Instructions for the task → Report how many lines of the data contain the string "make". Add nothing.

Study material →
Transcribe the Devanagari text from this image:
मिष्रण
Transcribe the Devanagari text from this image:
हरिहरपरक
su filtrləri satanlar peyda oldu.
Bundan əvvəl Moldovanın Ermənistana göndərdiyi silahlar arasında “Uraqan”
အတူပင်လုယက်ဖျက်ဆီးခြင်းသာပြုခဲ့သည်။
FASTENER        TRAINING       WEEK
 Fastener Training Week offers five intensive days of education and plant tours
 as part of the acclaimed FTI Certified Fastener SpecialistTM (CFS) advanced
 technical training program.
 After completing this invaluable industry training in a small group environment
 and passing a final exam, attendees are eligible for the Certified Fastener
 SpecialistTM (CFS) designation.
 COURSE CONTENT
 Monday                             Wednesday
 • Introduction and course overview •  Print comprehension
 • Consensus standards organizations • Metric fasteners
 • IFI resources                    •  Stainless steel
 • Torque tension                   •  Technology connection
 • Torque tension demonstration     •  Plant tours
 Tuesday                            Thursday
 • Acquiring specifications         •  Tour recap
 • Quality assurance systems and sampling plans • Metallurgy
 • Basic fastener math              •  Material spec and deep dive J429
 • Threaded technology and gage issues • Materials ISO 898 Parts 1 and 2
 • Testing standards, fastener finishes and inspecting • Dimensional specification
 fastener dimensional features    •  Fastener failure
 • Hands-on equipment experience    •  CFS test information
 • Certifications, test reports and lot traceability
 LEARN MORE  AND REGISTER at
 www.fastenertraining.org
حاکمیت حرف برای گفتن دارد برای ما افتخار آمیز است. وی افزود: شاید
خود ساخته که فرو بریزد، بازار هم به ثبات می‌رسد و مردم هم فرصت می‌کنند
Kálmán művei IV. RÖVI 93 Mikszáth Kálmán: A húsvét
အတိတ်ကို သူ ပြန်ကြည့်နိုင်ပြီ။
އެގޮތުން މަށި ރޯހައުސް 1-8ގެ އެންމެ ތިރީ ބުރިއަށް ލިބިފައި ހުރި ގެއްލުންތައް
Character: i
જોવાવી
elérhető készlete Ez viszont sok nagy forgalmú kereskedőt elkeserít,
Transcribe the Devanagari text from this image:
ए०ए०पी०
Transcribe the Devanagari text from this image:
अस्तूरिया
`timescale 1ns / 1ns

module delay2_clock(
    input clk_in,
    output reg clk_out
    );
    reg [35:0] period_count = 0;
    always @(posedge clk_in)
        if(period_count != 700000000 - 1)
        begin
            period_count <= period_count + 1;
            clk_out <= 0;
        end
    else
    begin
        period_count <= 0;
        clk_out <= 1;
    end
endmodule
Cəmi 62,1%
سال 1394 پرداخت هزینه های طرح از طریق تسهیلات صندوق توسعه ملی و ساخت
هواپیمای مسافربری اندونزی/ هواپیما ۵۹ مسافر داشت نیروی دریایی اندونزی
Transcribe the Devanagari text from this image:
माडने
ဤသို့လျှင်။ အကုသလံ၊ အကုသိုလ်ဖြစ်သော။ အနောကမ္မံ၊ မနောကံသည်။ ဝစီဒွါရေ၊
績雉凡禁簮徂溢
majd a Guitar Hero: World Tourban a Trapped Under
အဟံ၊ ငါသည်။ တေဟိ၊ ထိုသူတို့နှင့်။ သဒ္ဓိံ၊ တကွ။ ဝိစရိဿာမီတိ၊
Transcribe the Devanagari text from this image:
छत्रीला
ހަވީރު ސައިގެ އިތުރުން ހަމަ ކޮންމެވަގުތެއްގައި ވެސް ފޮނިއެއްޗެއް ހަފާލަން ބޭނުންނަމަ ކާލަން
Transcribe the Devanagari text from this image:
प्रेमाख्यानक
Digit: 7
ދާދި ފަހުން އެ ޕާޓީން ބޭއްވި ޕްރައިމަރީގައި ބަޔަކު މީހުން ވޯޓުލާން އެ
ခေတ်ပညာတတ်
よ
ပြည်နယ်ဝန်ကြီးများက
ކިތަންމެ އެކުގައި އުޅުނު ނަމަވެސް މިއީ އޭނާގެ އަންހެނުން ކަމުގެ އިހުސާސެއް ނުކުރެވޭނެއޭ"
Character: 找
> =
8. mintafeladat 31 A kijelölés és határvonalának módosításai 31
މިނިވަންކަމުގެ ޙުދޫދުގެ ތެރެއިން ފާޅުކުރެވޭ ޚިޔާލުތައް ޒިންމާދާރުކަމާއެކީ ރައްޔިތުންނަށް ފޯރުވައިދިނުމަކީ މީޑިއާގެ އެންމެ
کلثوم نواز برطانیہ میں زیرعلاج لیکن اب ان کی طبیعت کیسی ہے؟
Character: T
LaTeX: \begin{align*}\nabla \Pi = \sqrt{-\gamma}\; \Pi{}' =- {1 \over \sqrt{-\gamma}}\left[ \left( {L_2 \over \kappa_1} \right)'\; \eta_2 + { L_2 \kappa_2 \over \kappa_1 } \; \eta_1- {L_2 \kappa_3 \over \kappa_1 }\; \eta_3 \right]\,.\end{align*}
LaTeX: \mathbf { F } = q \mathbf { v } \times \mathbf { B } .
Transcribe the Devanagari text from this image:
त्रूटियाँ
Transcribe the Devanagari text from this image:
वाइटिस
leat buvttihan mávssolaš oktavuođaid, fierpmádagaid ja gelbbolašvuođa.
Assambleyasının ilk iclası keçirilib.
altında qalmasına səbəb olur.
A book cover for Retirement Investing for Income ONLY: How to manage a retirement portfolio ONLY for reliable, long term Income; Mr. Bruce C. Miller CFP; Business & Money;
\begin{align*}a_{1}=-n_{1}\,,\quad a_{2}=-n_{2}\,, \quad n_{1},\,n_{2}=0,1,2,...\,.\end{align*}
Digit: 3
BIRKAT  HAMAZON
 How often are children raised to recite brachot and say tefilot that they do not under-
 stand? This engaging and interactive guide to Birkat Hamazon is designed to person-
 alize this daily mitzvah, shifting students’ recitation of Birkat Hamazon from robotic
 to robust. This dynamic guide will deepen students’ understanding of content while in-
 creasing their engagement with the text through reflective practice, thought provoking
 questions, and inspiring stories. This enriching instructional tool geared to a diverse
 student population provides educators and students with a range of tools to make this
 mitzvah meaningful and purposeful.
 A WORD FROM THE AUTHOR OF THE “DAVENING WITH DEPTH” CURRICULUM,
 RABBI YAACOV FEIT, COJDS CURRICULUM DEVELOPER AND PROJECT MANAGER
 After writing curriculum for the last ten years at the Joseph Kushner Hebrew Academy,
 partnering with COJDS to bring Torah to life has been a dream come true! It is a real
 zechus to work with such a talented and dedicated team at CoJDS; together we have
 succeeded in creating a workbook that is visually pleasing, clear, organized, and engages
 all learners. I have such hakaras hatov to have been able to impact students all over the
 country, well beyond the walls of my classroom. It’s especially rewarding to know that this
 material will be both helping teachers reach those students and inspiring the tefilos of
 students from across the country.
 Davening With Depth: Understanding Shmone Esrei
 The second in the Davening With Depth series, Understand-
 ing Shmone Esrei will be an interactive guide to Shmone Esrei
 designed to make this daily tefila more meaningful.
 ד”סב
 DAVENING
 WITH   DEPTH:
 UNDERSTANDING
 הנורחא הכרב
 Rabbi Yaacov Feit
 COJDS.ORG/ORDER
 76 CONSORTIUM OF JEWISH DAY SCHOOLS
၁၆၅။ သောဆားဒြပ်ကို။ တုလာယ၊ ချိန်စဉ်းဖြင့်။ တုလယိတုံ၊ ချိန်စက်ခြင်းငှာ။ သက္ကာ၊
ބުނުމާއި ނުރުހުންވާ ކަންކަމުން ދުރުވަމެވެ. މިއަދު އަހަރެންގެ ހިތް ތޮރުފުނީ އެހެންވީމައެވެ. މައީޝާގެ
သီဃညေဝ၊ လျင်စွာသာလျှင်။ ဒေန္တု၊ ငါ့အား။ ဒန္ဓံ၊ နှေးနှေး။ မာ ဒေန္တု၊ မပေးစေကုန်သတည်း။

Answer section → 2